RoboInter：面向机器人操作的整体性中间表示套件 (RoboInter: A Holistic Intermediate Representation Suite Towards Robotic Manipulation)

Advances in large vision-language models (VLMs) have stimulated growing interest in vision-language-action (VLA) systems for robot manipulation. However, existing manipulation datasets remain costly to curate, highly embodiment-specific, and insufficient in coverage and diversity, thereby hindering the generalization of VLA models. Recent approaches attempt to mitigate these limitations via a plan-then-execute paradigm, where high-level plans (e.g., subtasks, trace) are first generated and subsequently translated into low-level actions, but they critically rely on extra intermediate supervision, which is largely absent from existing datasets. To bridge this gap, we introduce the RoboInter Manipulation Suite, a unified resource including data, benchmarks, and models of intermediate representations for manipulation. It comprises RoboInter-Tool, a lightweight GUI that enables semi-automatic annotation of diverse representations, and RoboInter-Data, a large-scale dataset containing over 230k episodes across 571 diverse scenes, which provides dense per-frame annotations over more than 10 categories of intermediate representations, substantially exceeding prior work in scale and annotation quality. Building upon this foundation, RoboInter-VQA introduces 9 spatial and 20 temporal embodied VQA categories to systematically benchmark and enhance the embodied reasoning capabilities of VLMs. Meanwhile, RoboInter-VLA offers an integrated plan-then-execute framework, supporting modular and end-to-end VLA variants that bridge high-level planning with low-level execution via intermediate supervision. In total, RoboInter establishes a practical foundation for advancing robust and generalizable robotic learning via fine-grained and diverse intermediate representations.

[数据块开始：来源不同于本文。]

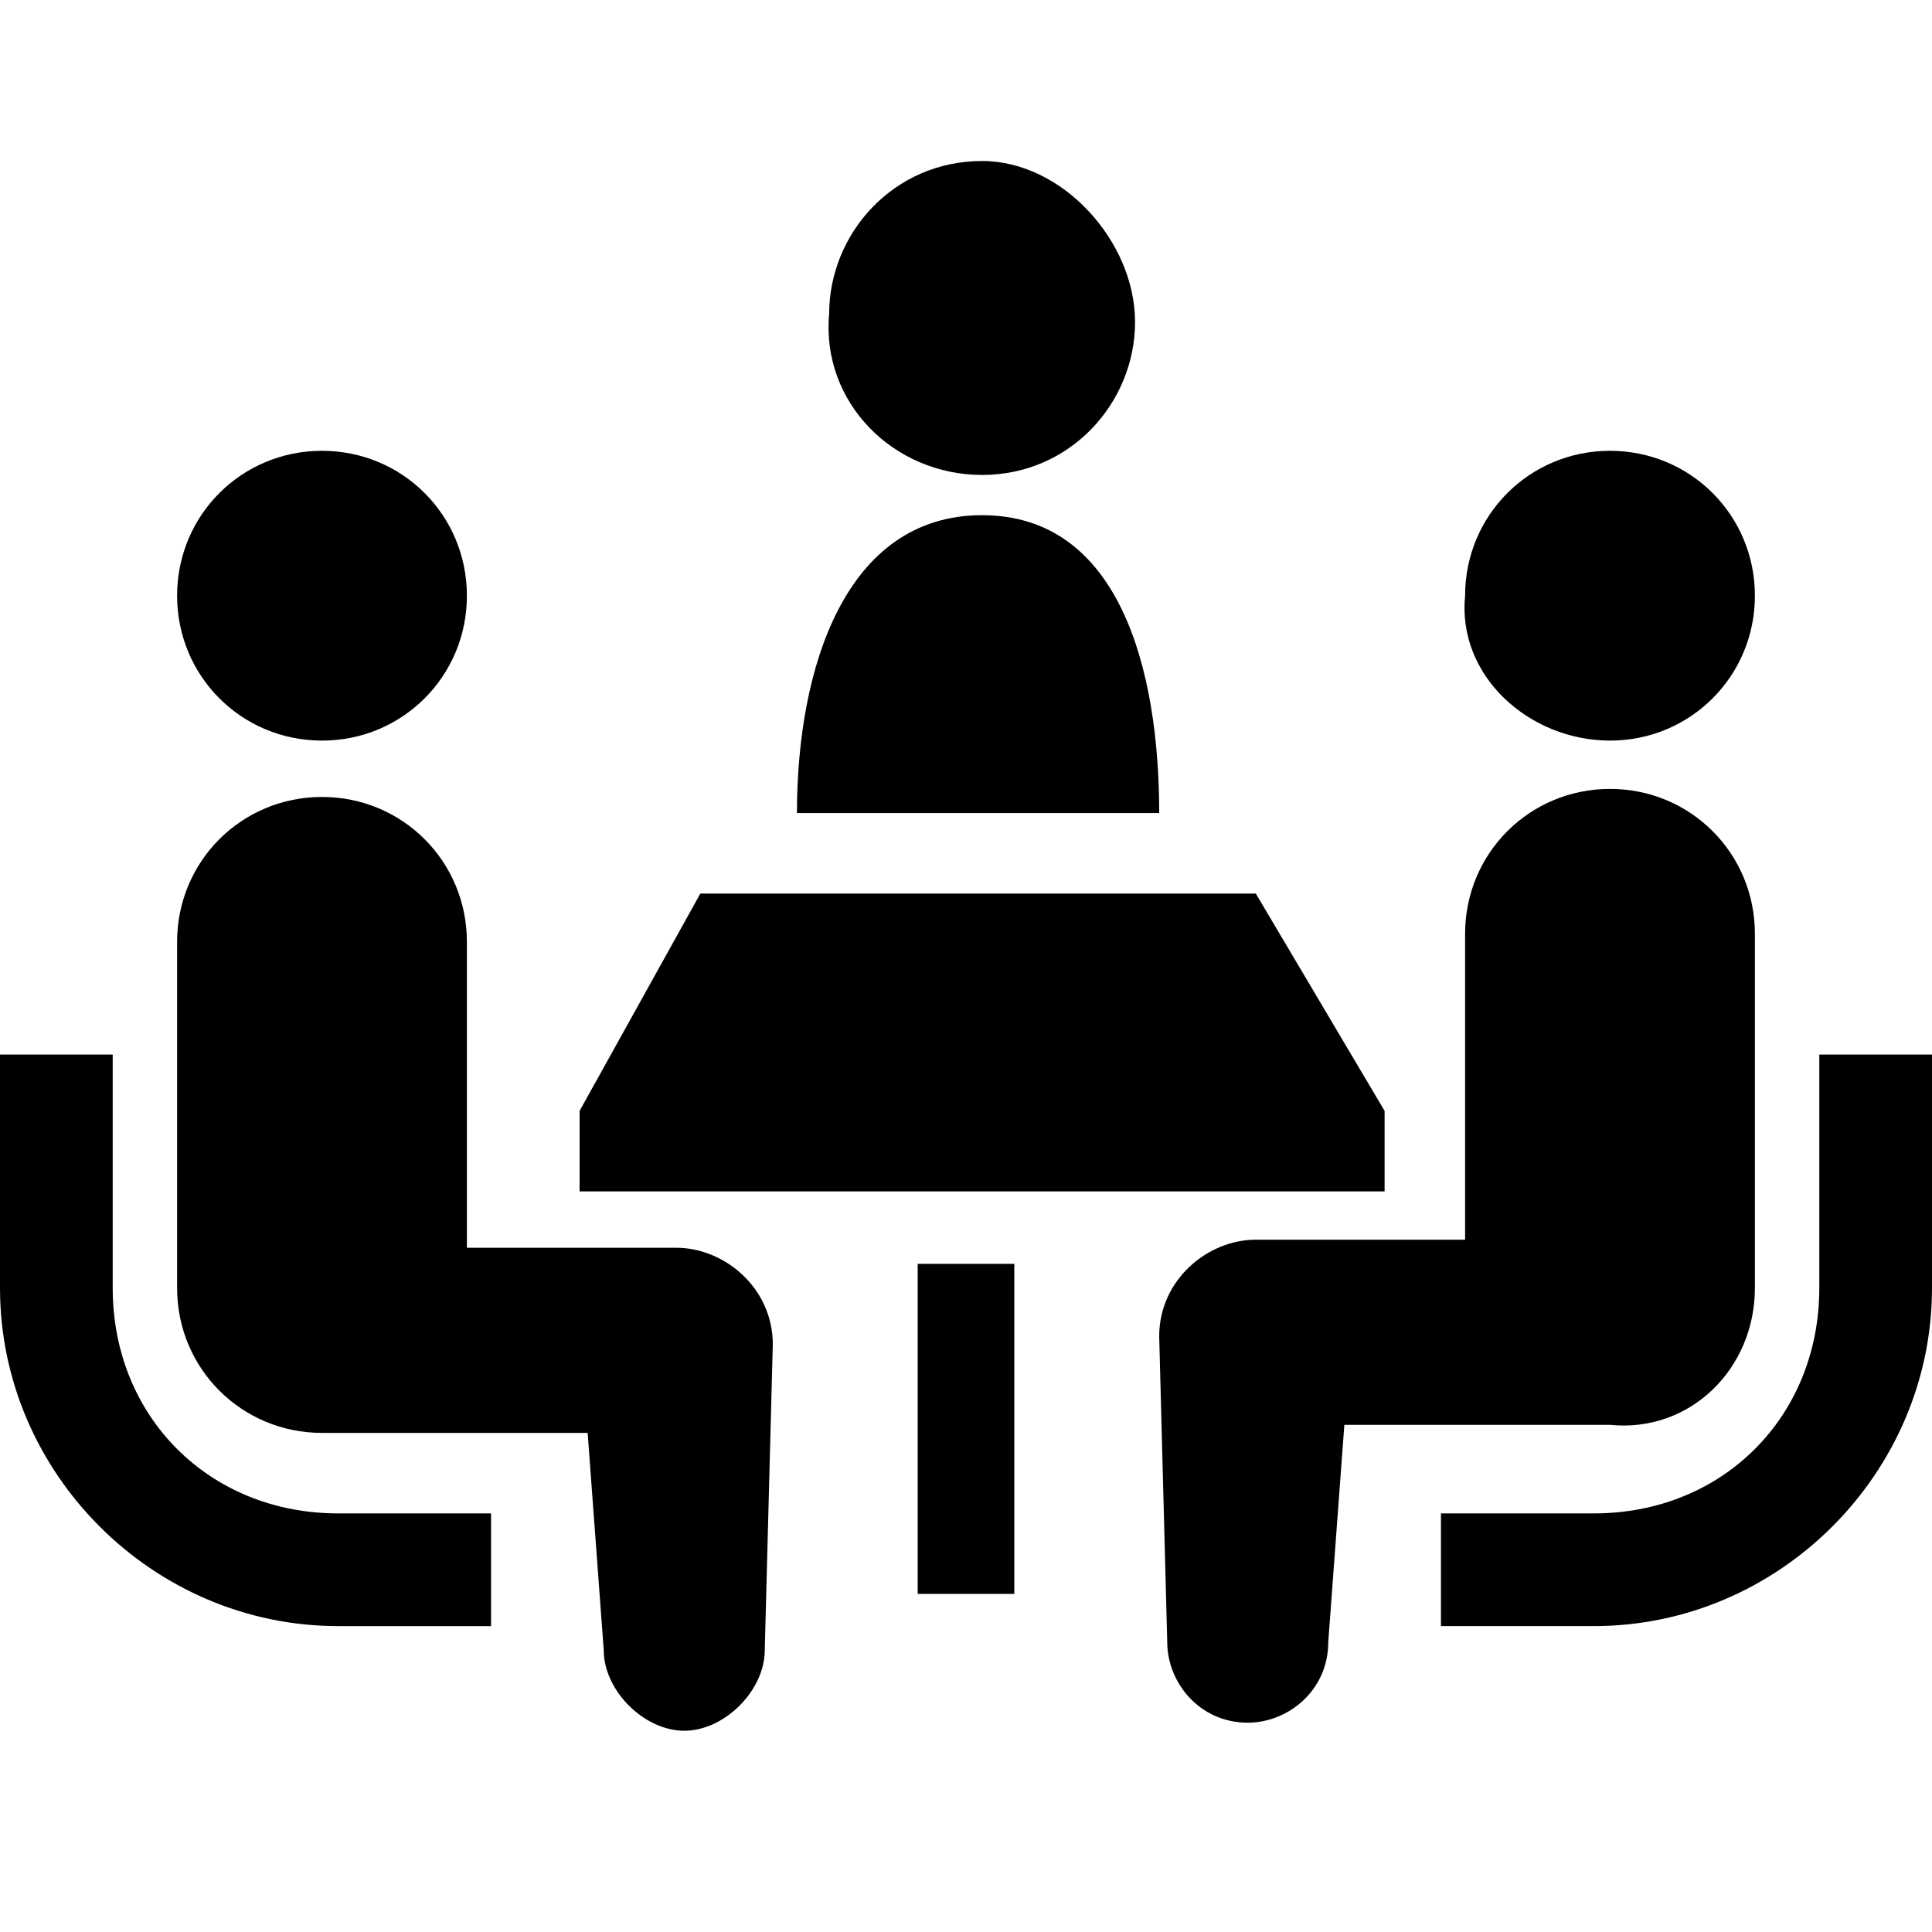 <?xml version="1.0" encoding="utf-8"?>
<!-- Generator: Adobe Illustrator 23.0.3, SVG Export Plug-In . SVG Version: 6.00 Build 0)  -->
<svg version="1.1" id="iconmonstr" xmlns="http://www.w3.org/2000/svg" xmlns:xlink="http://www.w3.org/1999/xlink" x="0px" y="0px"
	 viewBox="0 0 24 24" style="enable-background:new 0 0 24 24;" xml:space="preserve">
<g>
	<path d="M12.2,5.9c1.1,0,1.9-0.9,1.9-1.9S13.2,2,12.2,2c-1.1,0-1.9,0.9-1.9,1.9C10.2,5,11.1,5.9,12.2,5.9z"/>
	<path d="M12.2,6.4c-1.7,0-2.3,1.9-2.3,3.7h4.5C14.4,8.3,13.9,6.4,12.2,6.4z"/>
	<path d="M2.2,18c-0.5-0.5-0.8-1.2-0.8-2v-2.9H0V16c0,2.3,1.9,4.2,4.2,4.2h1.9v-1.4H4.2C3.4,18.8,2.7,18.5,2.2,18z"/>
	<path d="M4,9.2c1,0,1.8-0.8,1.8-1.8c0-1-0.8-1.8-1.8-1.8c-1,0-1.8,0.8-1.8,1.8C2.2,8.4,3,9.2,4,9.2z"/>
	<path d="M8.4,15.5H5.8v-3.8c0-1-0.8-1.8-1.8-1.8c-1,0-1.8,0.8-1.8,1.8V16c0,1,0.8,1.8,1.8,1.8c0.1,0,3.3,0,3.3,0l0.2,2.7
		c0,0.5,0.5,1,1,1c0.5,0,1-0.5,1-1l0.1-3.8C9.6,16,9,15.5,8.4,15.5z"/>
	<path d="M22.6,13.1V16c0,0.8-0.3,1.5-0.8,2c-0.5,0.5-1.2,0.8-2,0.8h-1.9v1.4h1.9c2.3,0,4.2-1.9,4.2-4.2v-2.9H22.6z"/>
	<path d="M20,9.2c1,0,1.8-0.8,1.8-1.8c0-1-0.8-1.8-1.8-1.8c-1,0-1.8,0.8-1.8,1.8C18.1,8.4,19,9.2,20,9.2z"/>
	<path d="M21.8,16v-4.4c0-1-0.8-1.8-1.8-1.8c-1,0-1.8,0.8-1.8,1.8v3.8h-2.6c-0.6,0-1.2,0.5-1.2,1.2l0.1,3.8c0,0.5,0.4,1,1,1
		c0.5,0,1-0.4,1-1l0.2-2.7c0,0,3.1,0,3.3,0C21,17.8,21.8,17,21.8,16z"/>
	<polygon points="17.2,13.8 15.6,11.1 8.7,11.1 7.2,13.8 7.2,14.8 17.2,14.8 	"/>
	<rect x="11.4" y="15.7" width="1.2" height="4.1"/>
</g>
</svg>
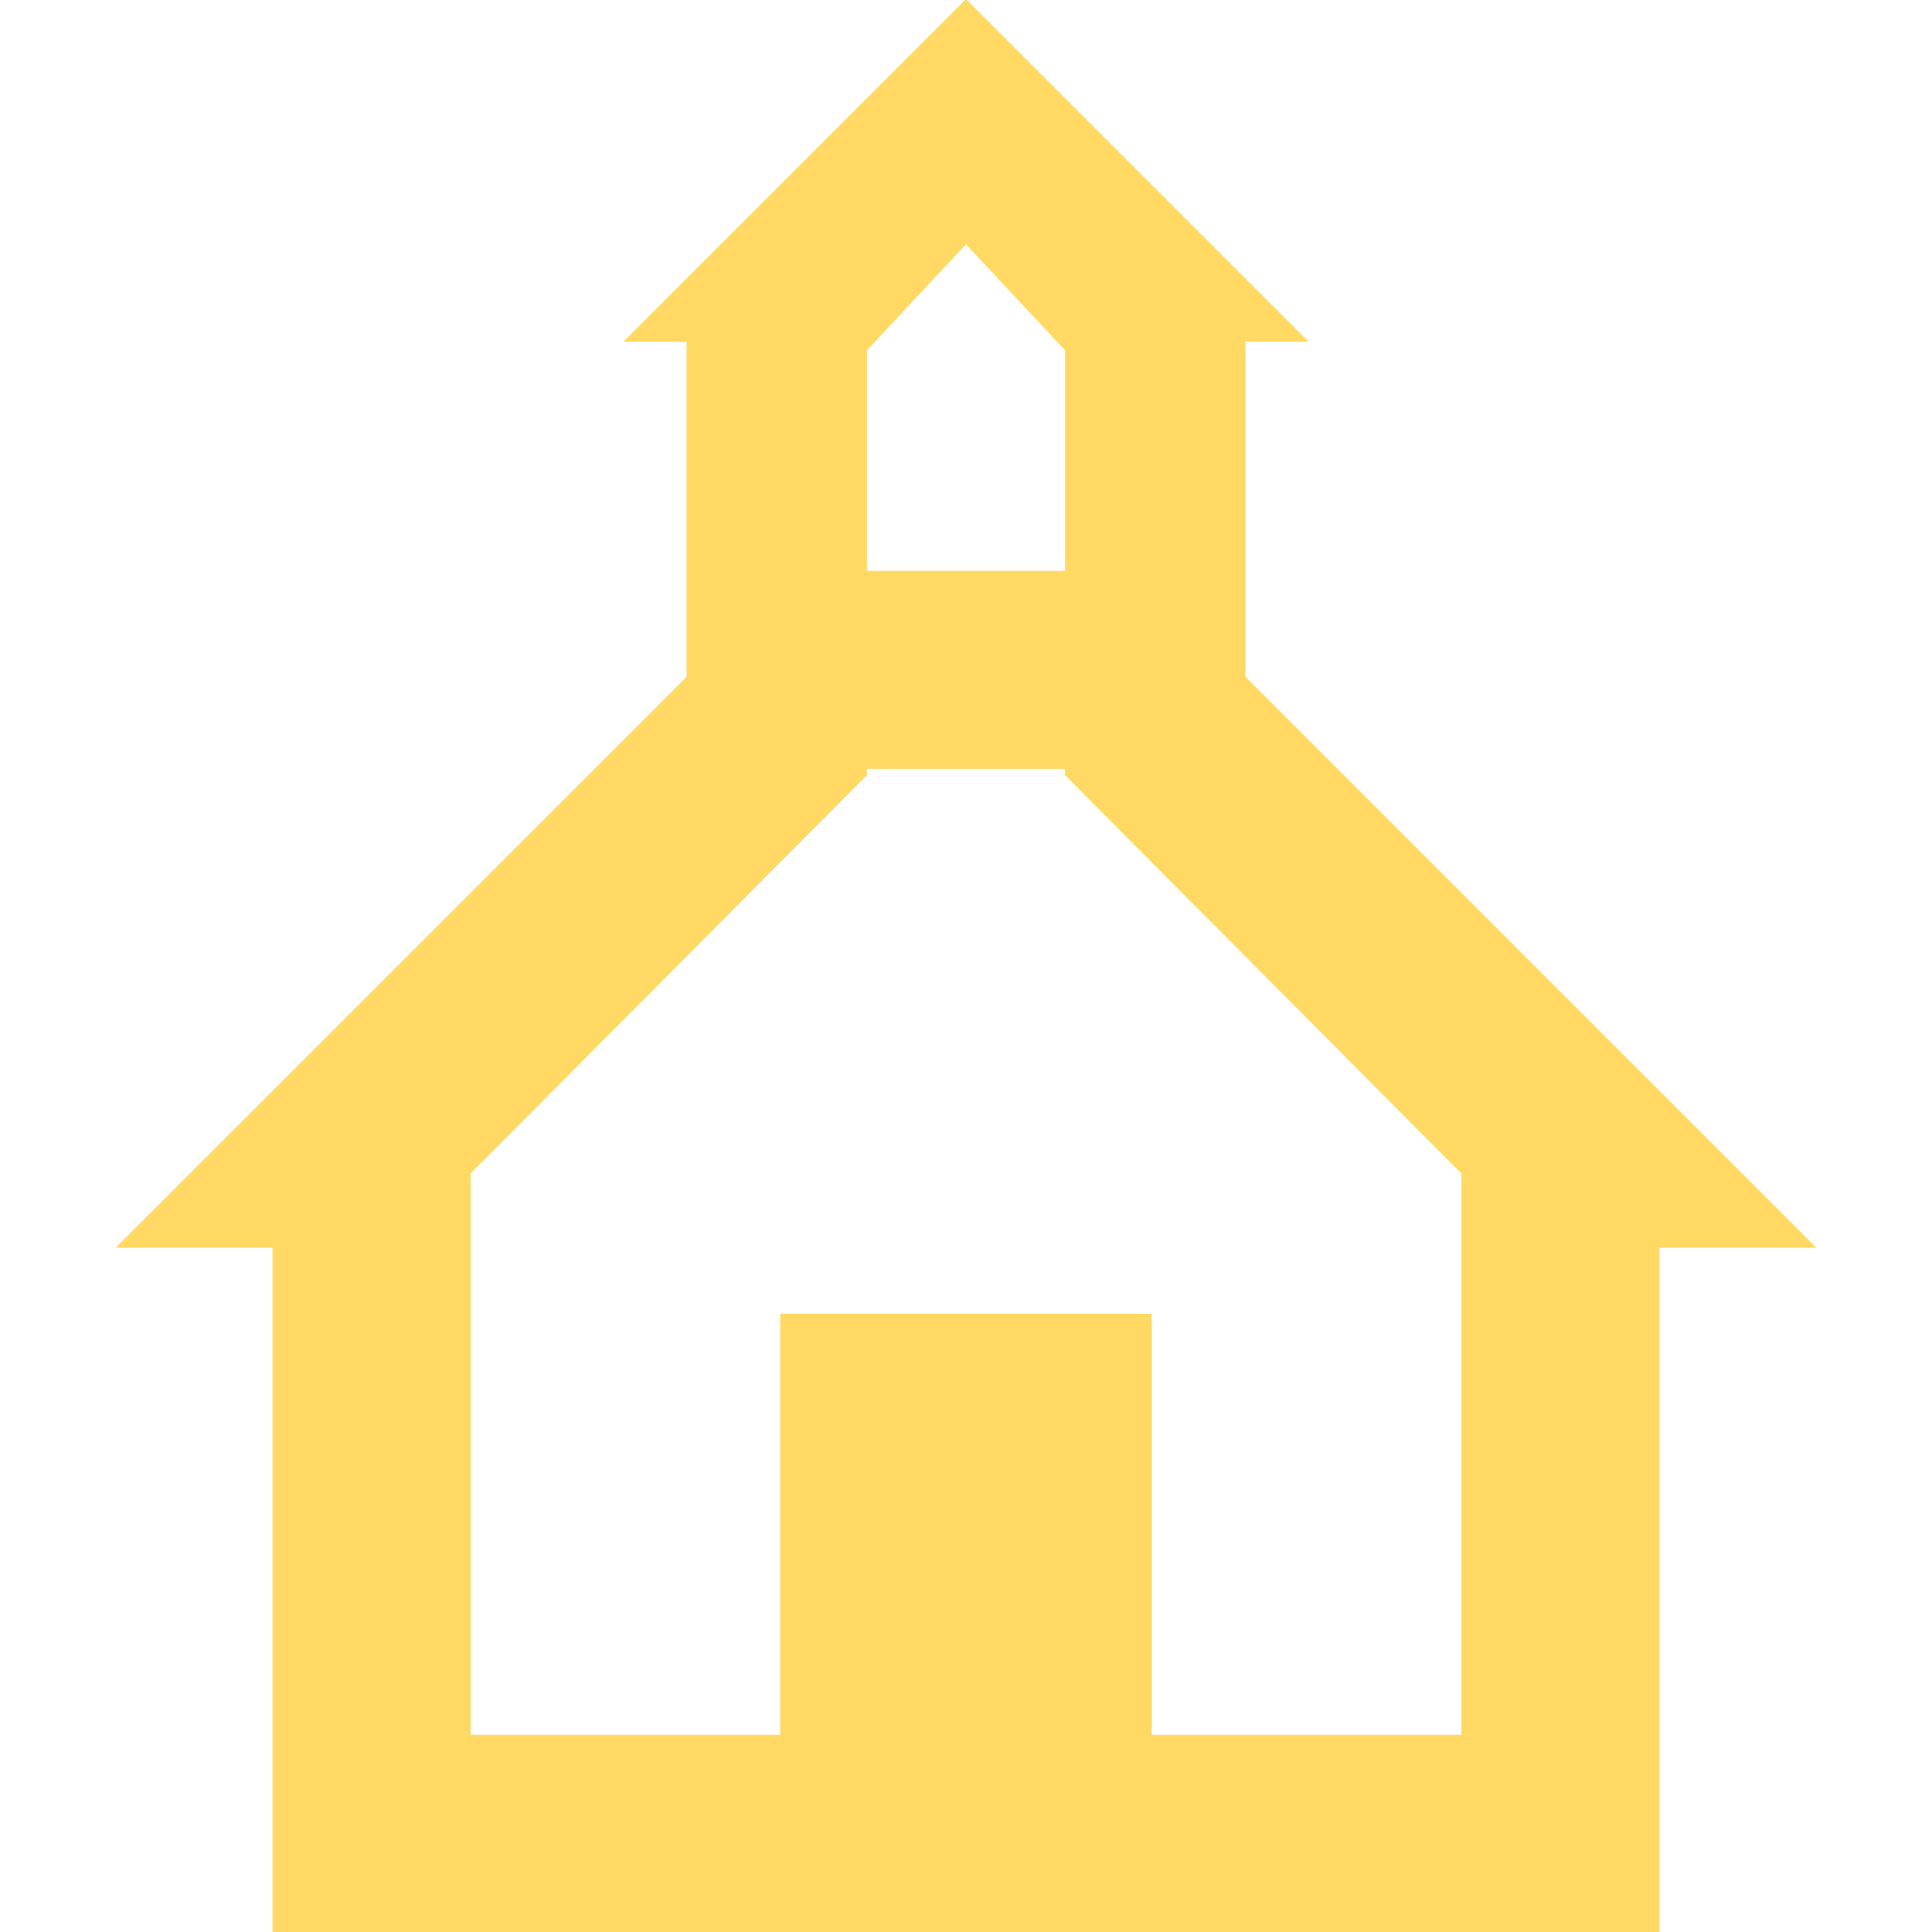 <svg xmlns="http://www.w3.org/2000/svg" xmlns:xlink="http://www.w3.org/1999/xlink" version="1.1" x="0px" y="0px" viewBox="0 0 90 90" enable-background="new 0 0 90 90" xml:space="preserve" aria-hidden="true" width="90px" height="90px" style="fill:url(#CerosGradient_id1ac168856);"><defs><linearGradient class="cerosgradient" data-cerosgradient="true" id="CerosGradient_id1ac168856" gradientUnits="userSpaceOnUse" x1="50%" y1="100%" x2="50%" y2="0%"><stop offset="0%" stop-color="#FFD963"/><stop offset="100%" stop-color="#FFD963"/></linearGradient><linearGradient/></defs><path d="M58.016,31.528v-15.61h2.944L45-0.041L29.041,15.918h2.944v15.61L5.39,58.122h7.307v31.919h64.606V58.122h7.307  L58.016,31.528z M45,11.38l4.615,4.939v10.27h-9.229v-10.27L45,11.38z M68.074,80.812H53.653V61.199H36.347v19.613H21.926v-26.15  L40.385,36.11v-0.292h9.229v0.292l18.459,18.552V80.812z" style="fill:url(#CerosGradient_id1ac168856);"/></svg>

翻译：大型视觉语言模型（VLMs）的进展激发了人们对用于机器人操作的视觉-语言-动作（VLA）系统日益增长的兴趣。然而，现有的操作数据集仍然存在构建成本高、高度依赖于具体机器人形态、以及覆盖范围和多样性不足的问题，从而阻碍了VLA模型的泛化能力。近期研究试图通过“先规划后执行”的范式来缓解这些限制，即先生成高层规划（如子任务、轨迹），随后将其转化为低层动作，但这些方法严重依赖额外的中间监督信号，而现有数据集大多缺乏此类标注。为弥补这一差距，我们推出了RoboInter操作套件，这是一个包含数据、基准测试和中间表示模型的统一资源。它包含RoboInter-Tool——一个支持对多样化表示进行半自动标注的轻量级图形用户界面工具，以及RoboInter-Data——一个包含571个多样化场景中超过23万条轨迹的大规模数据集，该数据集提供了超过10类中间表示的逐帧密集标注，在规模和标注质量上均显著超越先前工作。在此基础上，RoboInter-VQA引入了9类空间推理和20类时序推理的具身视觉问答类别，用于系统性地评估和增强VLMs的具身推理能力。同时，RoboInter-VLA提供了一个集成的“先规划后执行”框架，支持通过中间监督连接高层规划与低层执行的模块化及端到端VLA变体。总体而言，RoboInter通过细粒度且多样化的中间表示，为推进稳健且可泛化的机器人学习奠定了实用基础。